The Challenges of Long-Term Historical Document Preservation

Depending on storage conditions, most paper can only last for a few hundred years without its quality being severely compromised. While huge advances have been made in the field of digital scanning of documents for preservation, the researchers on the Swiss project argue that DNA is a longer-term alternative, because unlike that of the fast-changing world of digital technology, the language of DNA will never become obsolete. While the innovation is an exciting development for historians, archivists, and researchers, mainstream application of the DNA document storage process is still a long way off, and time is of the essence when it comes to disintegrating documents holding precious data.

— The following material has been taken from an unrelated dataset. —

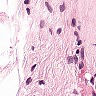
Metastatic tissue present: no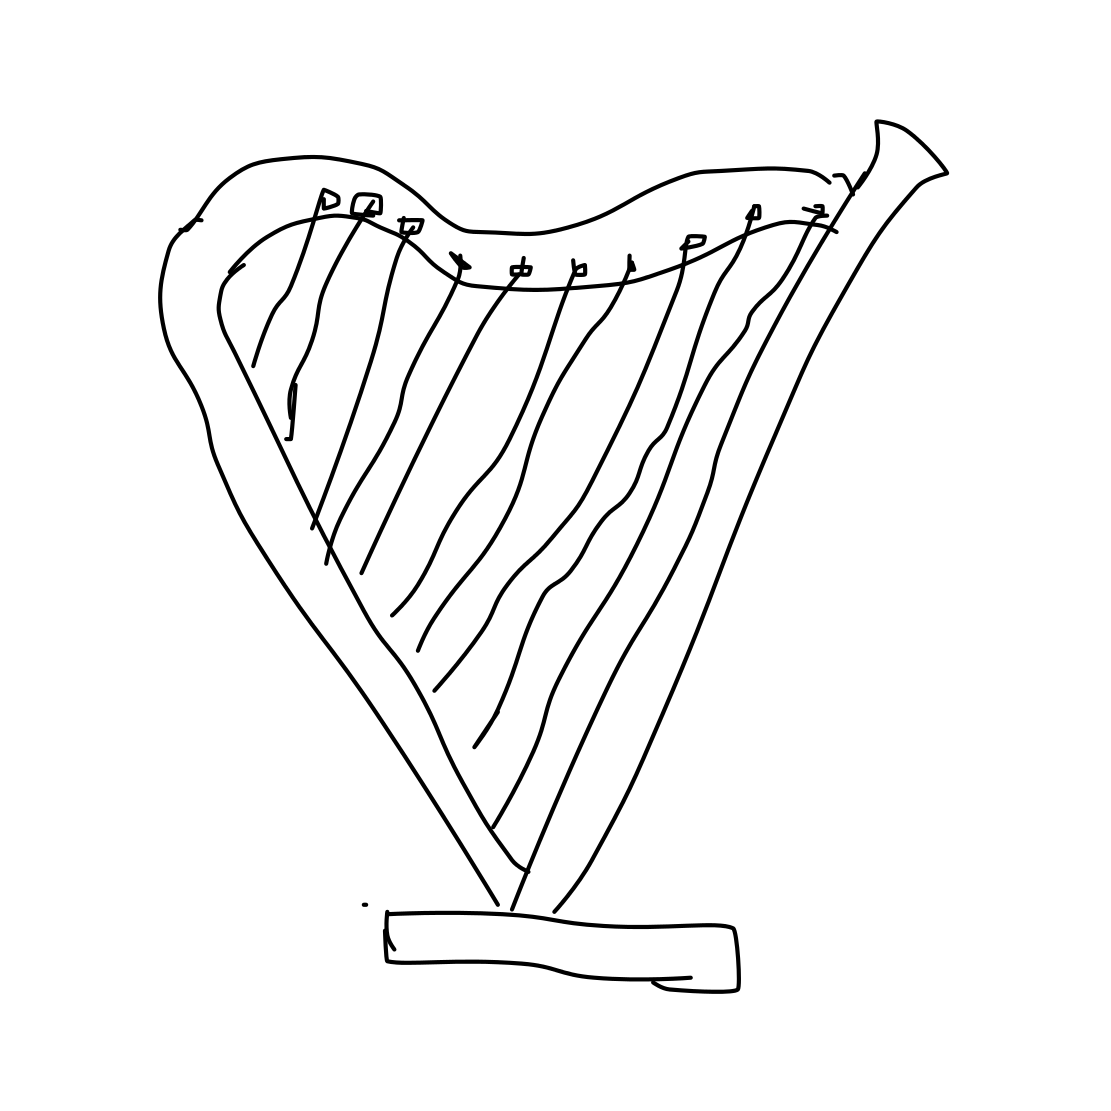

Perhaps the biggest challenge to the field of long-term historical document preservation has to do with the ability for the future generations or even civilizations to translate the carefully safeguarded information in a future filled with unforeseeable technological, cultural, and biological advancements and setbacks.

Current Document Preservation Technology

The digital document preservation industry won’t be waiting around for the process of DNA information storage to catch up. Historical societies, government archives, and individuals wishing to preserve their own personal significant documents currently have access to a wide array of technology including hyperspectral imaging, which aims to preserve not only the text and pictures recorded on historical documents, but high resolution images of the ink and paper itself as well. Historians often find as many clues about the past in the examination of the physical and chemical makeup of old documents as they do in the recorded information itself.